SolidRun HoneyComb LX2K becomes a certified Arm SystemReady ES platform

SolidRun HoneyComb LX2K is part of our list of the 5 most powerful Arm SBC’s in 2021. The mini-ITX board features an NXP LX2160A 16-core Arm Cortex-A72 processor, supports up to 64GB RAM, offers high-speed networking thanks to up to 4x SFP+ 10GbE cages and a Gigabit Ethernet port, as well as four SATA ports, a PCIe x8 slot, M.2 SSD slot and more.

The board is ideal for networking applications and can be also be integrated into an Arm workstation for native application development. But just last month, we noted that while SolidRun talked about SBSA compliance a while ago, the status was unclear. The good news is that HoneyComb LX2K has just now become a certified Arm SystemReady ES (Embedded Server) compliant platform.

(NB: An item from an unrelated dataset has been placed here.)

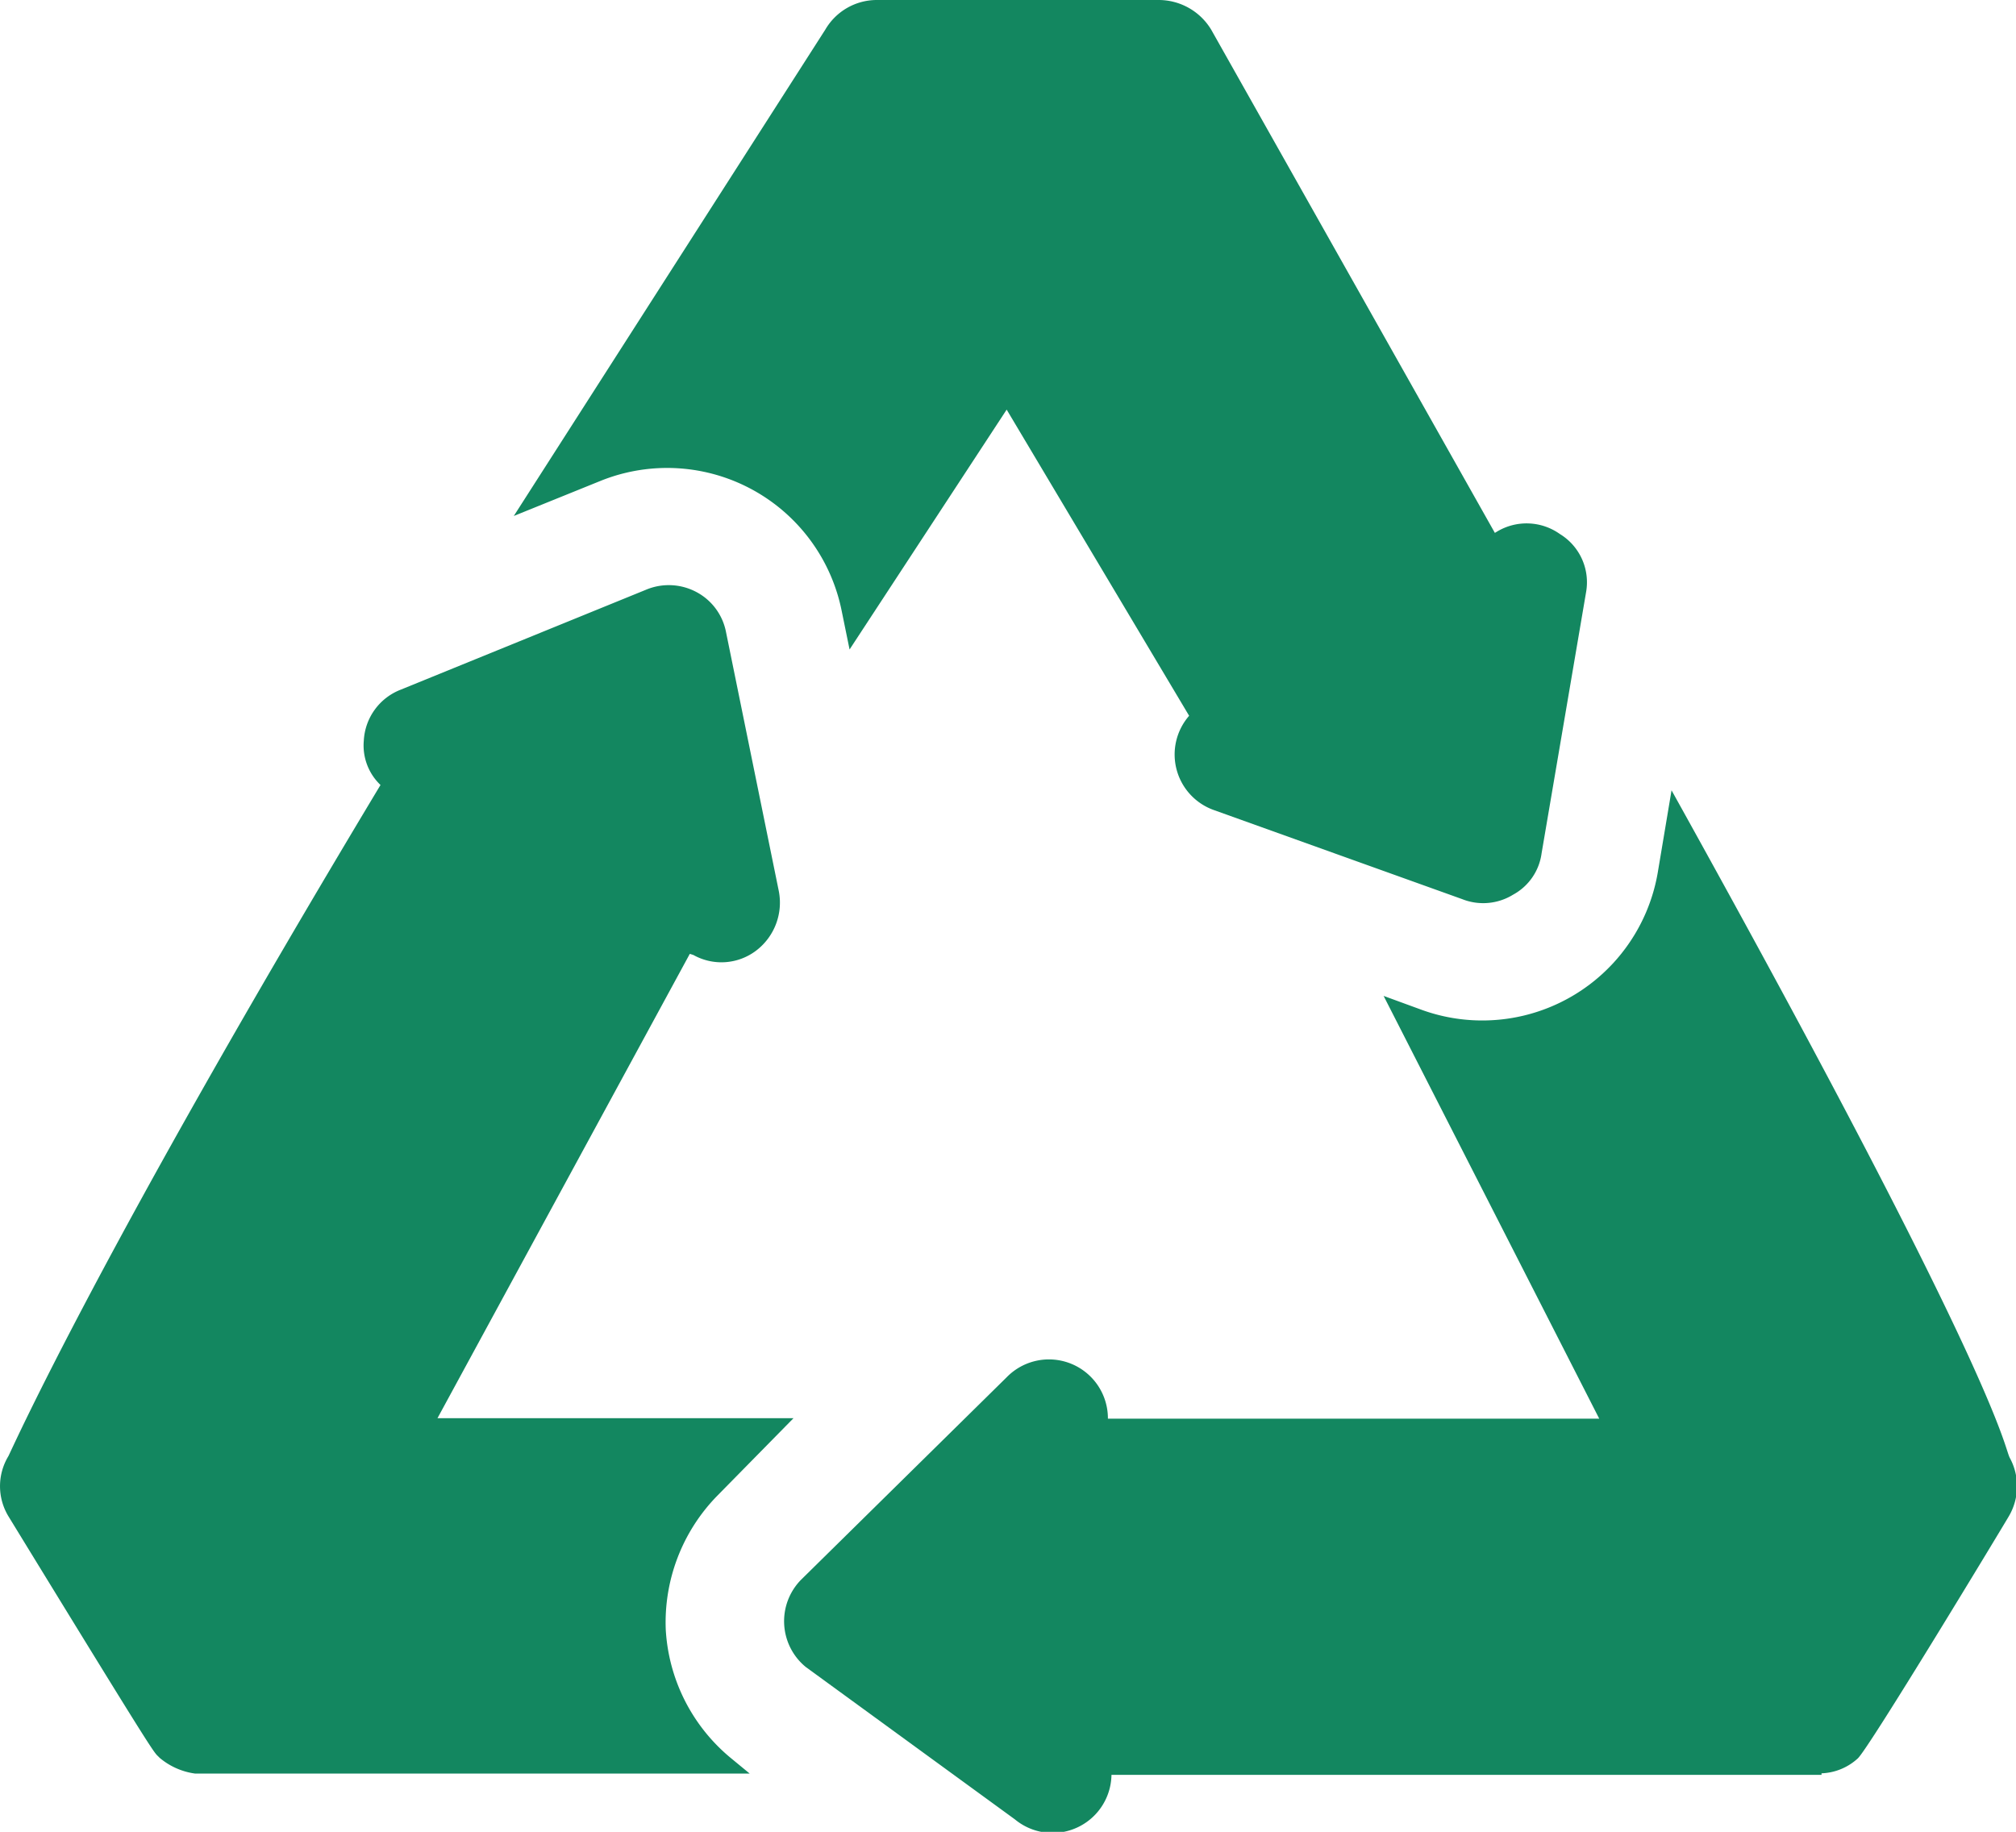 <svg xmlns="http://www.w3.org/2000/svg" viewBox="0 0 90.6 82.33"><title>recycle-icon</title><g id="a1e2a2e3-1a55-4640-8439-f7fa95719fb1" data-name="Layer 2"><g id="b91ff6bd-71b3-4ba0-b2f0-ab703ccc1546" data-name="Content"><path d="M23.1,23.19Z" fill="#138760"/><path d="M70.1,24a2.58,2.58,0,0,0-2.82-.11l-.1.06L54.43,1.33A2.76,2.76,0,0,0,52.09,0H39.38a2.68,2.68,0,0,0-2.29,1.33l-14,21.86,0,0,3.93-1.59a8,8,0,0,1,10.79,5.78l.37,1.81,7.06-10.78,8.2,13.76a2.65,2.65,0,0,0,1.12,4.24l11.15,4A2.56,2.56,0,0,0,68,40.21a2.49,2.49,0,0,0,1.28-1.86l2-11.74A2.54,2.54,0,0,0,70.1,24Z" fill="#138760"/><path d="M90.32,65.52c-.28-.55-.43-3.43-15.2-30l-.62,3.7a8,8,0,0,1-10.57,6.18l-1.75-.64,9.69,19H49.79a2.65,2.65,0,0,0-4.55-1.86L36,71a2.66,2.66,0,0,0,.21,3.92l9.4,6.85a2.65,2.65,0,0,0,4.34-2H81.86l0-.07a2.55,2.55,0,0,0,1.63-.67c.51-.47,6.47-10.34,6.78-10.87A2.66,2.66,0,0,0,90.32,65.52Z" fill="#138760"/><path d="M29.92,73.25a8.14,8.14,0,0,1,2.29-6l3.45-3.51h-16L31,42.87l.16.05A2.58,2.58,0,0,0,34,42.71a2.71,2.71,0,0,0,1-2.66L32.63,28.42a2.59,2.59,0,0,0-1.33-1.81,2.64,2.64,0,0,0-2.28-.1L18,31a2.6,2.6,0,0,0-1.65,2.28,2.45,2.45,0,0,0,.75,2C4.53,56.2.64,64.91.38,65.44a2.61,2.61,0,0,0,0,2.71C7.44,79.68,6.85,78.65,7.17,79a3.12,3.12,0,0,0,1.59.71H33.69l-.85-.7A8.08,8.08,0,0,1,29.92,73.25Z" fill="#138760"/></g></g></svg>

Arm SystemReady is a set of standards and a compliance certification program that ensures systems just work with generic, off-the-shelf operating systems straight out of the box like you would install a Linux distribution on a x86 desktop PC.

Arm SystemReady builds on the Arm ServerReady program, but targets a broader set of devices in four different categories:

  • SR for ServerReady
  • LS for LinuxBoot Server
  • ES for Embedded Server
  • IR for IoT

The specification defines a set of a common Base System Architecture (BSA) specification and a set of market-specific supplements with, for example, the Server Base System Architecture (SBSA) supplement specification for the
server segment.  The SolidRun board complies with SystemReady ES which requires ACPI and SMBIOS interfaces, in addition to the UEFI interfaces.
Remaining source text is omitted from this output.